Unblocking the blocks
One of the biggest blocks between the global ambition signed in Paris, and our current trajectory towards three degrees of warming world is insidious lobbying. Most major European companies have stated support for the international agreement on climate, the Paris Climate Agreement. This is to be welcomed. However, it is vital that companies who have committed to supporting the Paris Agreement ensure consistency in the lobbying undertaken on their behalf.
One alleged example of such lobbying emerged last month, when a leaked document reportedly suggested that BusinessEurope, a large confederation representing trade bodies across the EU, was planning to “oppose” greater EU ambition on climate policy through a set of classic lobbying tactics of delay and obfuscation. This despite the body’s public support for Paris. Any strategy that gives the impression of support in one moment, but which in the next moment seeks to undermine the chances of anything significant being agreed, is at odds with the long-term interests of our pension beneficiaries as well as wider society.
Focusing on high-emitters
This is why we as the Church of England Pensions Board have joined forces with the Swedish National Pension Fund AP7, BNP Paribas Asset Management and other major investors with over £3 trillion in assets under management to raise the issue of corporate lobbying on climate change.
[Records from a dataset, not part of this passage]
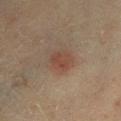Case summary:
– biopsy status · total-body-photography surveillance lesion; no biopsy
– subject · female, roughly 55 years of age
– lesion size · about 3.5 mm
– acquisition · 15 mm crop, total-body photography
– illumination · cross-polarized illumination
– location · the right lower leg
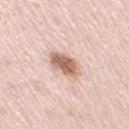<lesion>
<biopsy_status>not biopsied; imaged during a skin examination</biopsy_status>
<image>
  <source>total-body photography crop</source>
  <field_of_view_mm>15</field_of_view_mm>
</image>
<lighting>white-light</lighting>
<automated_metrics>
  <cielab_L>64</cielab_L>
  <cielab_a>19</cielab_a>
  <cielab_b>28</cielab_b>
  <vs_skin_darker_L>16.0</vs_skin_darker_L>
  <vs_skin_contrast_norm>9.5</vs_skin_contrast_norm>
  <border_irregularity_0_10>2.5</border_irregularity_0_10>
  <color_variation_0_10>4.0</color_variation_0_10>
  <nevus_likeness_0_100>95</nevus_likeness_0_100>
  <lesion_detection_confidence_0_100>100</lesion_detection_confidence_0_100>
</automated_metrics>
<lesion_size>
  <long_diameter_mm_approx>4.5</long_diameter_mm_approx>
</lesion_size>
<site>arm</site>
<patient>
  <sex>female</sex>
  <age_approx>65</age_approx>
</patient>
</lesion>
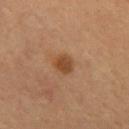No biopsy was performed on this lesion — it was imaged during a full skin examination and was not determined to be concerning. The total-body-photography lesion software estimated an average lesion color of about L≈41 a*≈20 b*≈32 (CIELAB), roughly 9 lightness units darker than nearby skin, and a lesion-to-skin contrast of about 8.5 (normalized; higher = more distinct). The software also gave lesion-presence confidence of about 100/100. A male patient, aged 53 to 57. A 15 mm crop from a total-body photograph taken for skin-cancer surveillance. On the back. This is a cross-polarized tile.
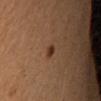Clinical impression:
This lesion was catalogued during total-body skin photography and was not selected for biopsy.
Context:
A male patient aged approximately 45. This is a cross-polarized tile. The lesion is located on the arm. The lesion's longest dimension is about 1.5 mm. The lesion-visualizer software estimated a lesion area of about 2 mm². The analysis additionally found a mean CIELAB color near L≈31 a*≈19 b*≈26. And it measured a classifier nevus-likeness of about 95/100 and lesion-presence confidence of about 100/100. A close-up tile cropped from a whole-body skin photograph, about 15 mm across.
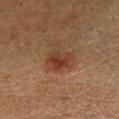{"biopsy_status": "not biopsied; imaged during a skin examination", "patient": {"sex": "female", "age_approx": 50}, "lighting": "cross-polarized", "site": "right lower leg", "lesion_size": {"long_diameter_mm_approx": 3.5}, "image": {"source": "total-body photography crop", "field_of_view_mm": 15}}
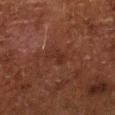Q: Is there a histopathology result?
A: total-body-photography surveillance lesion; no biopsy
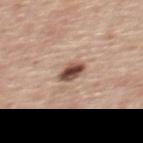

We are also being supported in this endeavour by the environmental law firm Client Earth, the independent organisation tracking lobbying behaviour, InfluenceMap and the movement for responsible investment ShareAction.
We have written to the Board Chairs of 55 European companies that are among the highest greenhouse gas emitters such as BP, energy producer RWE, automakers Daimler and BMW and chemical companies such as BASF and asked them to support a set of investor expectations that clearly set out best practice on corporate climate lobbying.
Specifically, we are asking the companies to do four things. The first is to commit to lobby positively in line with the Paris climate Agreement. Secondly, to have robust governance procedures in place including Board Oversight, regular monitoring and reviews processes and transparent process to assess consistency between the company lobbying positions and those of their trade associations. Thirdly we ask that when they identify positions that are not aligned with their company advocacy that they take action by either making public statements highlighting the difference, working to change the association position, ending their membership or forming proactive coalitions to oppose the lobbying. Finally, we ask the companies to be transparent about their approach to this issue.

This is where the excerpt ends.